I'm still not seeing the point. Are you saying your engine idle speeds are too low in equipment over there? Here idle is ~1000 and that is enough to get started in road or field gears in...well...everything. Even the Farmall B you can start in 4th at idle. Loader work you stick it at 1200 or so and leave it. No need to be roaring around when you can shift up or down. Then again loader work is short distances here. If you mean for what we use trucks for, then I can understand...except those are dry clutches.

The engine idle speed will be the same, it's much easier to inch up to things when you have control over the engine revs. Even drilling, now I have a hydraulic fan I don't use the hand throttle (never have on the Masseys) or the engine pre set, I manouver on the headlands with the foot throttle, ease it up to 1100rpm once in work them press the DTM and let the tractor get on with it. Much smoother and quieter

I guess I'm not seeing why you can't inch up the throttle by hand, as in: One hand on the wheel One hand on the throttle One foot on the brake One foot on the clutch I also not seeing how the wet vs dry clutch thing fits in either.
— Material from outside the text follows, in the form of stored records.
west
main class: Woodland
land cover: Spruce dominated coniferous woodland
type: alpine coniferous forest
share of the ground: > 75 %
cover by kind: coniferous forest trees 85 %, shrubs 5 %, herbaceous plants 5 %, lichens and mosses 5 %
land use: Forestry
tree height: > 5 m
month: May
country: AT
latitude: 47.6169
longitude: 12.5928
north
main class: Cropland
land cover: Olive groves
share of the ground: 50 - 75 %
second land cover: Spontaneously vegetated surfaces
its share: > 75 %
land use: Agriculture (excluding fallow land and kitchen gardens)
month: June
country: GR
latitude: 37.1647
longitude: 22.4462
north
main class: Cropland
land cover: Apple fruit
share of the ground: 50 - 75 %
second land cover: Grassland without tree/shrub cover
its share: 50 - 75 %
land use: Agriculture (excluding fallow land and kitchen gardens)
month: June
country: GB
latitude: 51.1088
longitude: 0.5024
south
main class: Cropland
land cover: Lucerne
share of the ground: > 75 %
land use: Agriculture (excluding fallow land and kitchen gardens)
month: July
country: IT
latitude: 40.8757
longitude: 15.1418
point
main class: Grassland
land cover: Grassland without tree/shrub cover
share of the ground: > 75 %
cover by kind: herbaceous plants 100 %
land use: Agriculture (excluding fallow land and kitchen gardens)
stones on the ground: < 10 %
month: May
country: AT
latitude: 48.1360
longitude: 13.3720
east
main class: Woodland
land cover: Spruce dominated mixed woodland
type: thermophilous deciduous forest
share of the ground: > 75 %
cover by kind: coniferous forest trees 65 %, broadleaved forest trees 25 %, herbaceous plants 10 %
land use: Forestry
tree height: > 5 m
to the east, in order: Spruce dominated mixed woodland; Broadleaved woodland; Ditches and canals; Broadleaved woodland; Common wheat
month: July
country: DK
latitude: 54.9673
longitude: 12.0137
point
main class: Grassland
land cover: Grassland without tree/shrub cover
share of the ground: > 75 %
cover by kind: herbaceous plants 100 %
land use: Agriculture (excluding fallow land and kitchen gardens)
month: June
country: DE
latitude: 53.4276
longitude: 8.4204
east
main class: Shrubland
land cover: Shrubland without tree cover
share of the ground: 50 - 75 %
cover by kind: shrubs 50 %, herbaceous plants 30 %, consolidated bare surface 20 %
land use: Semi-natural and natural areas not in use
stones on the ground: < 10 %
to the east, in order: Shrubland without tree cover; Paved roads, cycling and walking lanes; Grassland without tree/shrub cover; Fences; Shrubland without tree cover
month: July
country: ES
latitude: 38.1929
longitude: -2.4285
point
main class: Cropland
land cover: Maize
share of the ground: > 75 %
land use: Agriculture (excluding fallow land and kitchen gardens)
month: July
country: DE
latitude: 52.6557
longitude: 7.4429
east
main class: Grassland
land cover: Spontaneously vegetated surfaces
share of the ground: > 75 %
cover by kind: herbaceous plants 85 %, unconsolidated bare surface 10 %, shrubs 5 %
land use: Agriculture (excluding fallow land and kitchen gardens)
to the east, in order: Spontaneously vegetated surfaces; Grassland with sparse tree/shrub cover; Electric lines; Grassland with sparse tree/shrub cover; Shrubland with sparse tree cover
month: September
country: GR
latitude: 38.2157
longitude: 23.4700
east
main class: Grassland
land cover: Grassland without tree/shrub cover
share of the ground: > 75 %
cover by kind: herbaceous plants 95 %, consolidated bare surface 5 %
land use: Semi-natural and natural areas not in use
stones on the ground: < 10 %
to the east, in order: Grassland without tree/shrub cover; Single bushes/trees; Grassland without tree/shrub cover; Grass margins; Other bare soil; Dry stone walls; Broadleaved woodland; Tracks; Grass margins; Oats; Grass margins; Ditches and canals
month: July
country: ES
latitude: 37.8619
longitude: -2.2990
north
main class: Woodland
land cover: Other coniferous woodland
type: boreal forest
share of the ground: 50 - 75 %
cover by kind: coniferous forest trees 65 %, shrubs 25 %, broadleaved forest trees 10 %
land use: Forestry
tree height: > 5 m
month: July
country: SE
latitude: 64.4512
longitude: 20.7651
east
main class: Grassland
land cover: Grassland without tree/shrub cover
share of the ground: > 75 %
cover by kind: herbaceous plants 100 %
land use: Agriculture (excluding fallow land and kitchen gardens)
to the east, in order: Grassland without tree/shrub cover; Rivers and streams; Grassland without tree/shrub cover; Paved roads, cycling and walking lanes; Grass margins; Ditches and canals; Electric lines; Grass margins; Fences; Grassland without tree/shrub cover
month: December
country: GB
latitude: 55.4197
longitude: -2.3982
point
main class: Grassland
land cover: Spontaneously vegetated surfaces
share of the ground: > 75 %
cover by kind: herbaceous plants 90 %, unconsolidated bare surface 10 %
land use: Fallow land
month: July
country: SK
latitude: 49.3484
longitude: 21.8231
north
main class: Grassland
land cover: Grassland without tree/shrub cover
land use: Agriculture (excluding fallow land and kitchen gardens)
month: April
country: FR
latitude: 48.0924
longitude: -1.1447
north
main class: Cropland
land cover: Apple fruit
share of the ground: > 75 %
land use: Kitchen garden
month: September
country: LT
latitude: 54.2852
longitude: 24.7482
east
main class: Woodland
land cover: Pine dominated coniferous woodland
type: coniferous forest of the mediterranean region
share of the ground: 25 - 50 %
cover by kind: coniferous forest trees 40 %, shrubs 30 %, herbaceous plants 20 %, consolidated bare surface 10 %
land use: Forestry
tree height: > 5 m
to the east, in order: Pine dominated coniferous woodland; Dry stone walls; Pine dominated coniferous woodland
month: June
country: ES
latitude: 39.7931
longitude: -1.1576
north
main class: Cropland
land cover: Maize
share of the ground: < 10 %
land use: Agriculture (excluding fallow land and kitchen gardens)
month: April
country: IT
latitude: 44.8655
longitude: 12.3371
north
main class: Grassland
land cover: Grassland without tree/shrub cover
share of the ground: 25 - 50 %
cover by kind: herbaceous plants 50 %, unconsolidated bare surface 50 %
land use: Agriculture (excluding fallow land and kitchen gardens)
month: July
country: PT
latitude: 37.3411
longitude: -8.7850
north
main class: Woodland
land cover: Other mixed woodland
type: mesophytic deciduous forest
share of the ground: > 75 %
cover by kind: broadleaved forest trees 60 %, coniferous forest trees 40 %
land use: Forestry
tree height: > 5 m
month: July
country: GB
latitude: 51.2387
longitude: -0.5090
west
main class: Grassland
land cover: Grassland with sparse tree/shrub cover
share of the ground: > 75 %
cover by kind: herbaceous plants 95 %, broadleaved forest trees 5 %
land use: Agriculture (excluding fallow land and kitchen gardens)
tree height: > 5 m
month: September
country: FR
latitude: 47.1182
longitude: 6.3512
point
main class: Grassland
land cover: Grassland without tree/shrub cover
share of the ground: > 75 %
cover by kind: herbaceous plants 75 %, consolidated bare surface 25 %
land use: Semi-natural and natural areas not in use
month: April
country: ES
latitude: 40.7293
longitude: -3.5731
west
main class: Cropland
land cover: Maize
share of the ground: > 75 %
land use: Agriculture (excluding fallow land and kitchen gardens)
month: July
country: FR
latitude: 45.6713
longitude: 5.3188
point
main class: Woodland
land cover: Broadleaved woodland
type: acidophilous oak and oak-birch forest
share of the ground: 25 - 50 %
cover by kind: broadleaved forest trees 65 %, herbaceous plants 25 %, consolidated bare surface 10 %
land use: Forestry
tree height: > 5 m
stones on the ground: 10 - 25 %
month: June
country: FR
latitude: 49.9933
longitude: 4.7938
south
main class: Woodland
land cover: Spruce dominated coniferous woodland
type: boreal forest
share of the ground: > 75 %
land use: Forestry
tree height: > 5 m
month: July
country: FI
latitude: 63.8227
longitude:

We have equipment with a deaccelator, that is real handy, but the one tractor that does have a foot throttle I don't see its point. Short fields or fields with lots of obstacles maybe. In the fields you only slow down on the ends so it would get old having to hold the pedal down. In a way, this is a "cruise control vs no cruise control" argument...but it makes less sense. Like trying to argue dry clutches are superior in equipment...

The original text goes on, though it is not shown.